The revised proposal "seems intended to mitigate opposition and give a favorably oriented FCC political cover to grant the petition," emailed the Northwest Telecommunications Association, which primarily represents rural competitors requiring wholesale ILEC access to supplement fiber, where "there are no 'market-based' network alternatives." NTA said it's "encouraged" by USTelecom's proposed transition, but it was likely made in "reaction to the overwhelming industry, state regulatory, and consumer concerns its petition has raised."
Incompas said the proposal would "cut off the last remaining competition" to ILECs, at least from CLECs. "This would kill competitive investment in fiber networks and the use of UNEs for managed services and connections to the cloud -- all different forms of competition would be negatively impacted," said CEO Chip Pickering. He said service to government entities and small businesses would be most harmed. The deregulation would also undermine ILEC fiber incentives because they could charge "unlimited prices on existing copper networks" rather than investing in new networks, he said: "So the deployment agenda would be disrupted."
It's "very troubling" USTelecom asked the FCC "to promptly grant" the revised petition, Pickering said, suggesting ILECs "want to rush this through." He said the FCC has been adamant about being transparent and subjecting major proceedings to economic analysis, including on costs and benefits: "It would be unprecedented and conflict with Chairman [Ajit] Pai's process principles for this to be rushed through." He said the FCC should push back the deadline for deciding USTelecom's May 4 petition because of the revised proposal (it has a year, and can take another 90 days). He said Aug. 6 and Sept. 5 comment/reply deadlines should be further extended.

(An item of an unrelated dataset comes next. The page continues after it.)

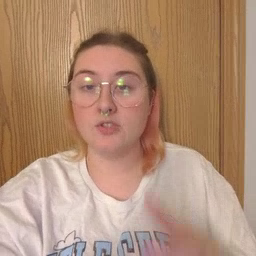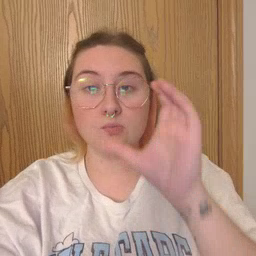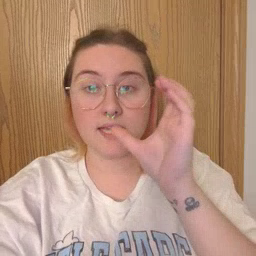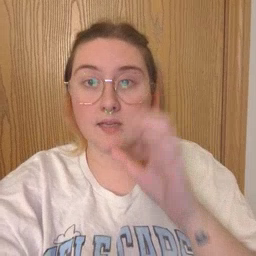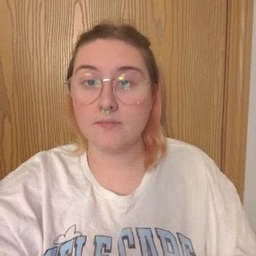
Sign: drink
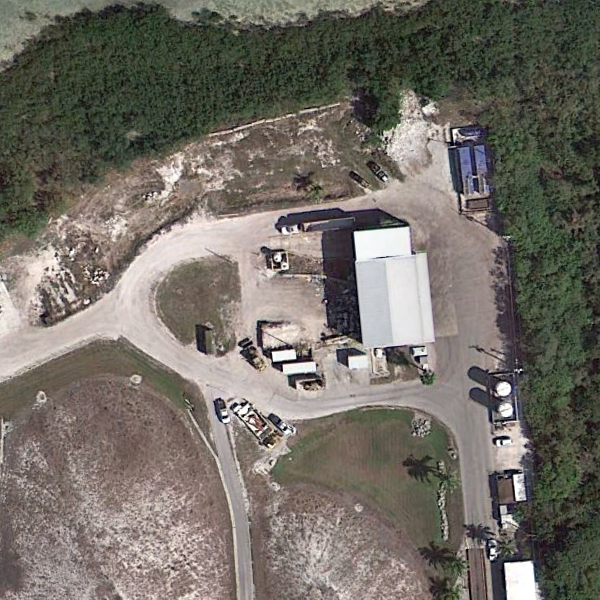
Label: SparseResidential

USTelecom doesn't believe the FCC has to restart the clock, said Diane Holland, vice president-law and policy. "We haven’t changed the basic ask. ... We came to an industry agreement that more time for this transition would be a reasonable thing to ask for. That’s not a new petition." USTelecom, which didn't oppose the previous comment extension, doesn't have a view on another extension, she said. The FCC didn't comment.
Holland said USTelecom stands by the market analysis it submitted in its petition, which cited Economics Inc. and CMA Strategy Consulting as projecting "substantial" benefits. "It would save consumers over $1 billion, and perhaps up to $5.9 billion, in reduced prices over the next decade," said the petition, which also cited expected job and economic output increases.
Louthan voiced skepticism about the CLEC market significance. "It's such a small part of the industry, it's not that relevant," he said. "The UNE model is a failed business model. The writing is on the wall. Look at the decline in the CLEC industry. It's massive. ... They're losing to the cable companies." If UNEs are scaled back, Louthan doubts ILECs would lose incentives to deploy fiber. "A second competitor is all you need to keep the incumbents honest," he said. "If they don't upgrade, the cable companies will come in and take market share."
CLECs "often offer a better product" and "get to places the cable guys don't," countered Doug Dawson, president of CCG Consulting, with CLEC and RLEC clients. He said CLECs use UNE transport connections to "tie together networks." He said some even serve residential customers by combining UNE loops with their own switches. "There have got to be hundreds of thousands of residential and small business customers at a minimum" served over UNEs, he said: The ILECs just "want to get the CLECs out of their offices."